As is evident from Table 3, the graphitized fibers obtained in Comparative Examples 3 and 4 have a greater variation in crystallinity on the surface of the graphitized fiber obtained, and the strength and elastic modulus are higher than those in Examples 3 and 4. It can be seen that the variation of

Example 5 A composite material was produced using the oil agent C shown in Table 1 and the carbon fiber produced in Example 2 and an epoxy resin as a matrix material. The composite material was produced by isotropically laminating continuous fiber unidirectional prepregs having a volume content of 60 vol% of the carbon fibers, followed by autoclave molding.

The obtained composite material was excellent in mechanical properties such as tensile strength and compressive strength, and had little variation.

[0111]

According to the present invention, graphitized fibers and composite materials having high performance and high elastic modulus with little quality variation can be provided with high productivity.

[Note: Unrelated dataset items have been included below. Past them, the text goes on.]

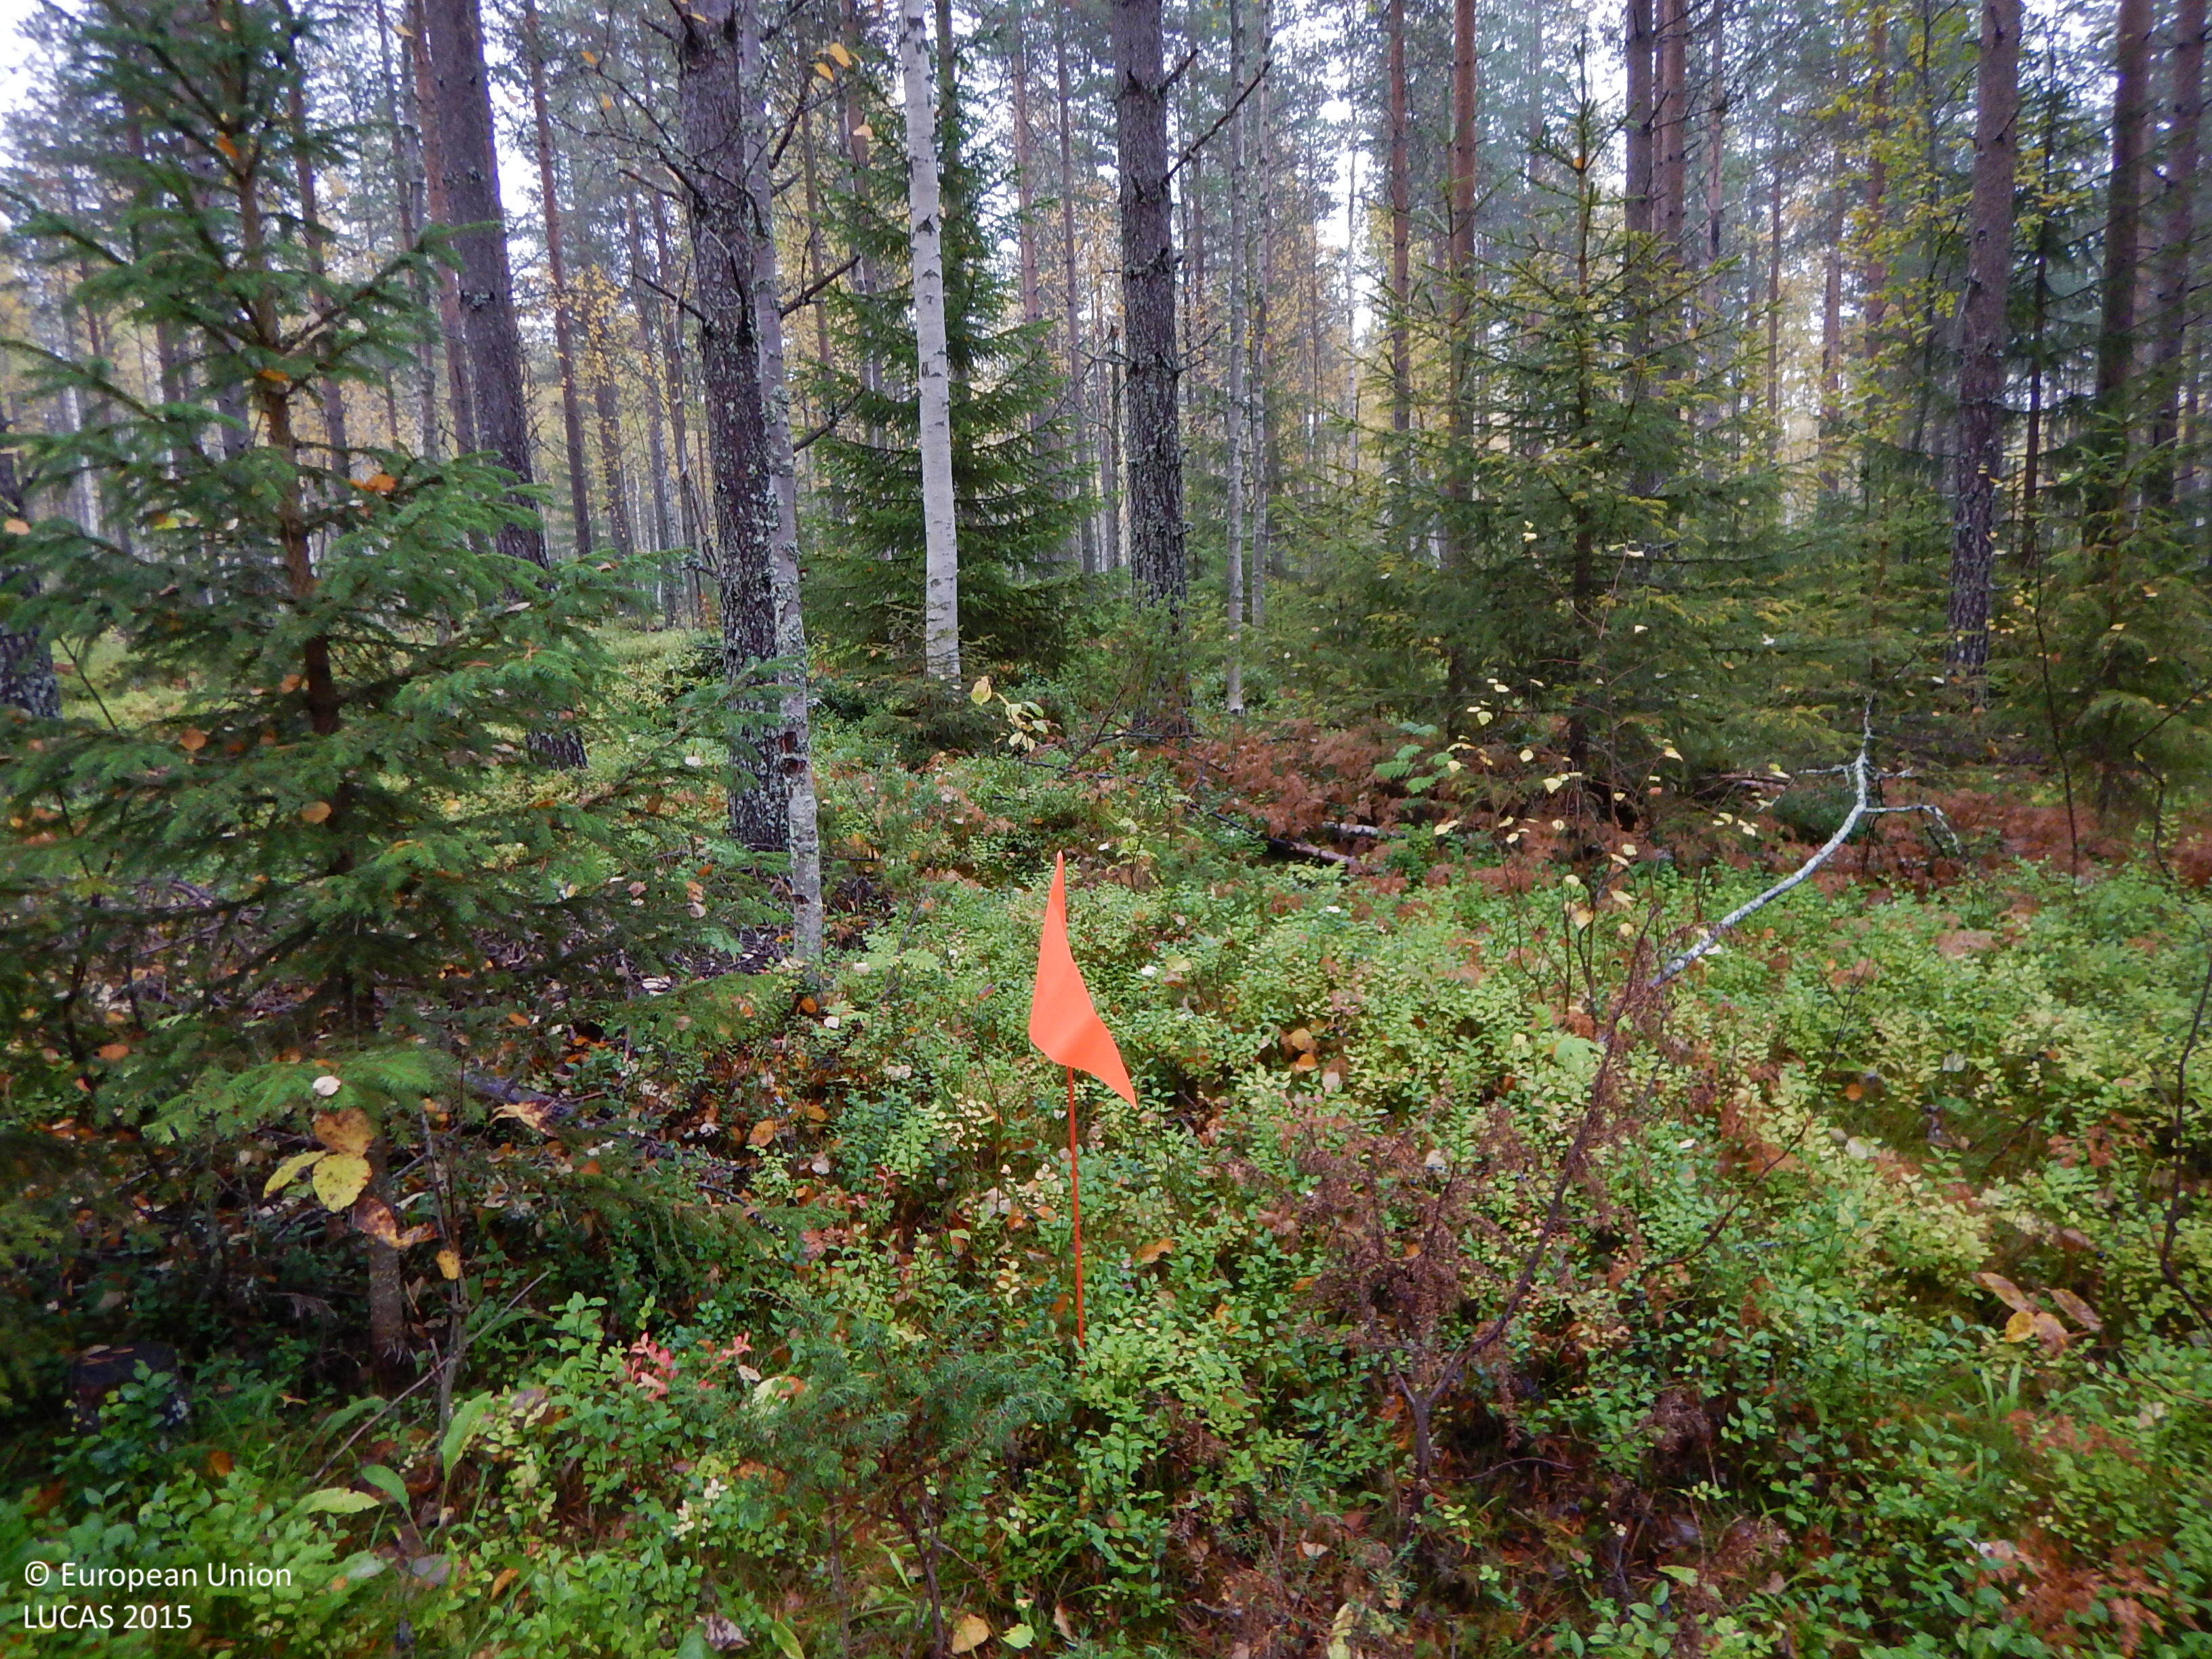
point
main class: Woodland
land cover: Pine dominated coniferous woodland
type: boreal forest
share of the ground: 50 - 75 %
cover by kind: coniferous forest trees 60 %, shrubs 15 %, herbaceous plants 10 %, lichens and mosses 10 %, broadleaved forest trees 5 %
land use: Forestry
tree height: > 5 m
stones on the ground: < 10 %
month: September
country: SE
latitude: 64.9753
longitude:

Continued on front page F term (reference) 4F072 AA04 AA07 AB10 AD23 4G046 EA02 EA03 EB02 EB13 EC01 4L037 AT02 CS04 FA01 FA07 FA08 FA09 FA10 FA12 PA55 PC11 PF12 PF19 PF45 PG04 PS02 PS12 UA12 UA20

Claims (5)

[Claims] 1. Intensity ratio I136 measured by Raman spectroscopy
A graphitized fiber having a surface having an average value of 0 / I1580 of 0.20 to 0.75, and a rate of change in the strength ratio in a longitudinal direction of 5% or less. 2. The method according to claim 1, wherein the surface area ratio measured by AFM is 1.00 to
The graphitized fiber according to claim 1, wherein the ratio is 1.05. 3. The graphitized fiber has a strand strength of 3.5 to 3.5.
6.5 GPa and a strand elasticity of 350 to 6
The graphitized fiber according to claim 1, wherein the fiber is 50 GPa. 4. A composite material comprising the graphitized fiber according to claim 1 as a reinforcing material. 5. The composite material according to claim 4, wherein the composite material is for aerospace.